L’originalità di Boggiani è tale che, oltre a nutrirsi di toni danbrowniani (e qui riecheggiano positivamente le parole del celebre critico letterario Cvetan Todorov, morto meno di un anno fa, nelle prime pagine del suo saggio del ‘70, La letteratura fantastica, secondo il quale non esisteva letteratura se non da altra letteratura), oltre a nutrirsi di toni danbrowaniani, dicevo, le pagine di questo romanzo permeano di barlumi argentiani. Un film che questo libro, a mio giudizio, evoca è La terza madre (2007), l’epilogo della trilogia delle Tre madri (1977-2007), anteceduto da Suspiria (1977) e Inferno (1980). La terza madre, sebbene abbia uno sfondo più cruento, è una pellicola che, ambientata in tempi odierni – proprio come il libro di Boggiani -, pone al centro le vicende di una setta demoniaca alle prese con la caccia alle streghe. Se in quell’occasione la narrazione nasceva dal ritrovamento di un’urna, in Tornerà, i fatti narrati ruotano attorno al possesso di un libro. I quattro protagonisti, in tal caso, Alessandro, Silvia, Paolo e Tommaso, devono fronteggiare, come Psiche alle prese col volto di Eros, la loro curiositas verso questo libro, verso la simbologia che quest’ultimo cela. Mosse sbagliate, velleità da detective potrebbero rivelarsi fatali…

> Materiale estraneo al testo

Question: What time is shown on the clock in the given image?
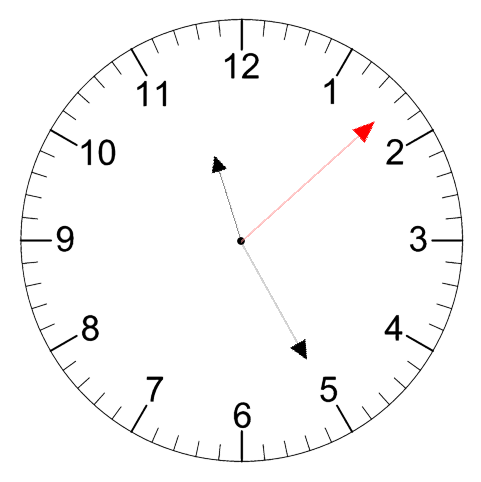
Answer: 11:25:08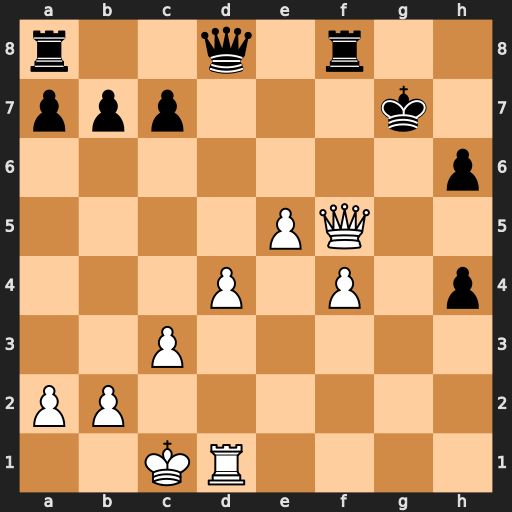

Concludo, infine, mostrandovi parte dell’incipit del romanzo. Ciò su cui consiglio di porre l’attenzione è l’alternanza del bianco della neve e del nero notturno che pervade l’inquieto scenario descritto dall’autore. Suggestiva è, infine, la presenza di una ferrovia. Dico suggestiva, perché, è un (malinconico) luogo che anche lo scrittore austriaco Robert Musil (1880-1942) nella prima pagina dei Turbamenti del giovane Törless (1906) ha delineato, con un gioco cromatico e una funzionalità analoghi a quelli di Boggiani:
12 febbraio, notte da lupi. Erano almeno cinque ore che la neve scendeva senza interruzioni. Le strade, un manto bianco. A ogni avvallamento l’auto presa a noleggio sbandava, la doppia trazione automatica ora funzionava ora no. Avesse saputo come, l’avrebbe disinserita, maledetta elettronica. La luce dei fari aiutava la luna a definire un po’ meglio le cose. Ma conosceva a memoria quelle strade percorse mille volte da giovane con gli amici o quando voleva stare solo. L’argine in lontananza, un’onda nera.
Tre chilometri poi l’arrivo. Era quella la notte. Quella che lo aveva visto nascere al secondo piano di un appartamento in affitto a pochi passi dal fiume. Quando, se tutto filava liscio, si veniva al mondo in casa […]
A sinistra la ferrovia immobile, i treni mangiati dalla ruggine, le rotaie divorate dall’erba, ora tutto bianco. La ricordava animata, lavori in corso sui binari, la stazione piena di gente quando da monello andava a guardare le ragazze partire, sperando che un colpo di vento alzasse le gonne mentre salivano su quei gradini esagerati.
L’auto scivolava nel buio. Negli specchi i binari sporchi lasciati dalle gomme sulla candida neve come solchi nell’anima. Ancora un po’ quei fiocchi così grandi li avrebbero coperti come non fosse successo niente, non fosse passato nessuno, due ferite guarite (Ivi, p. 9, corsivi miei).